# Problem to solve:
Copy nothing but the lines below running from the line containing "Q: Is the text bold? A: Semi-bold." through the line containing "Q: Is the spacing between letters", both end lines included.
[Extracted information — start]
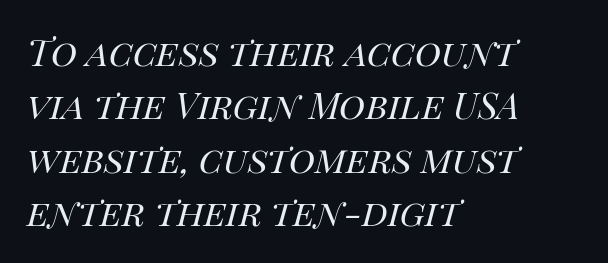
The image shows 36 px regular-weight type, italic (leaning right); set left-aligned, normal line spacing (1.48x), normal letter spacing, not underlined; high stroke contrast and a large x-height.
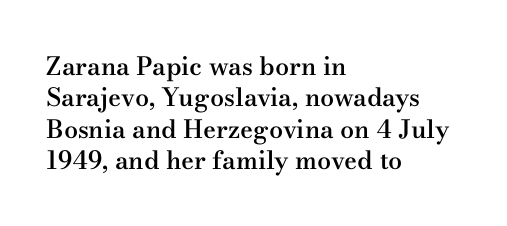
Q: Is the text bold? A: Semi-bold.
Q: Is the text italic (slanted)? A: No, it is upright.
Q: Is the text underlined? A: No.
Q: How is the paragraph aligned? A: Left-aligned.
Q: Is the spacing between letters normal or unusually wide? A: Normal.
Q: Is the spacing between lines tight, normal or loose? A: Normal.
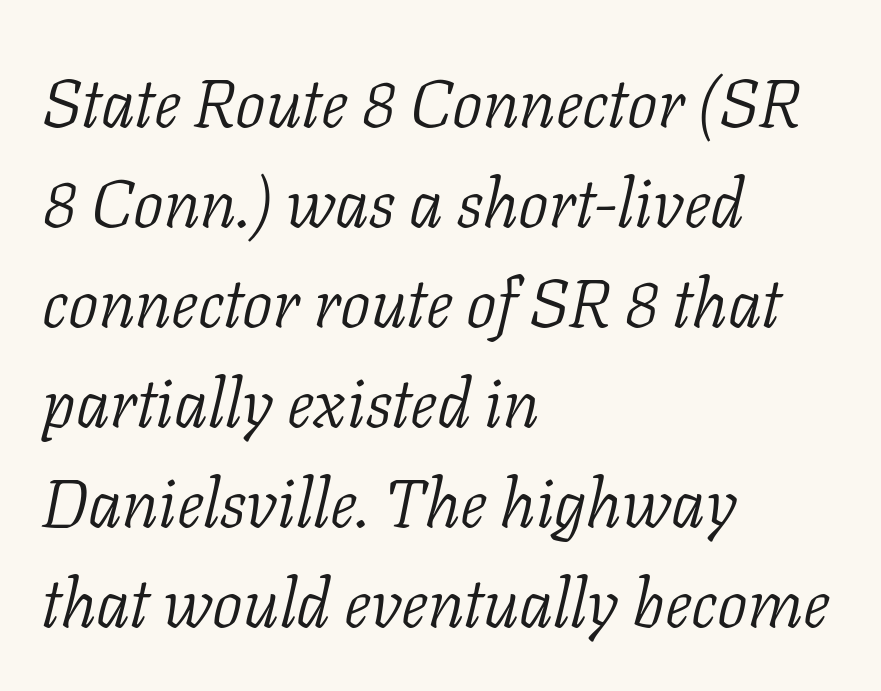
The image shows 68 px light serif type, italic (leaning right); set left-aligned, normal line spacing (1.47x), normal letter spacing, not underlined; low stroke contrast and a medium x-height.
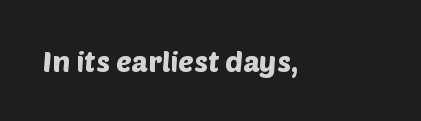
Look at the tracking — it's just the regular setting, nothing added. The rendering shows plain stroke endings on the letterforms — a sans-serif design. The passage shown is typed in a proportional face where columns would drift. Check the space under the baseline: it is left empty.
[Extracted information — finish]
# Output of the exercise:
Q: Is the text bold? A: Semi-bold.
Q: Is the text italic (slanted)? A: No, it is upright.
Q: Is the text underlined? A: No.
Q: How is the paragraph aligned? A: Left-aligned.
Q: Is the spacing between letters normal or unusually wide? A: Normal.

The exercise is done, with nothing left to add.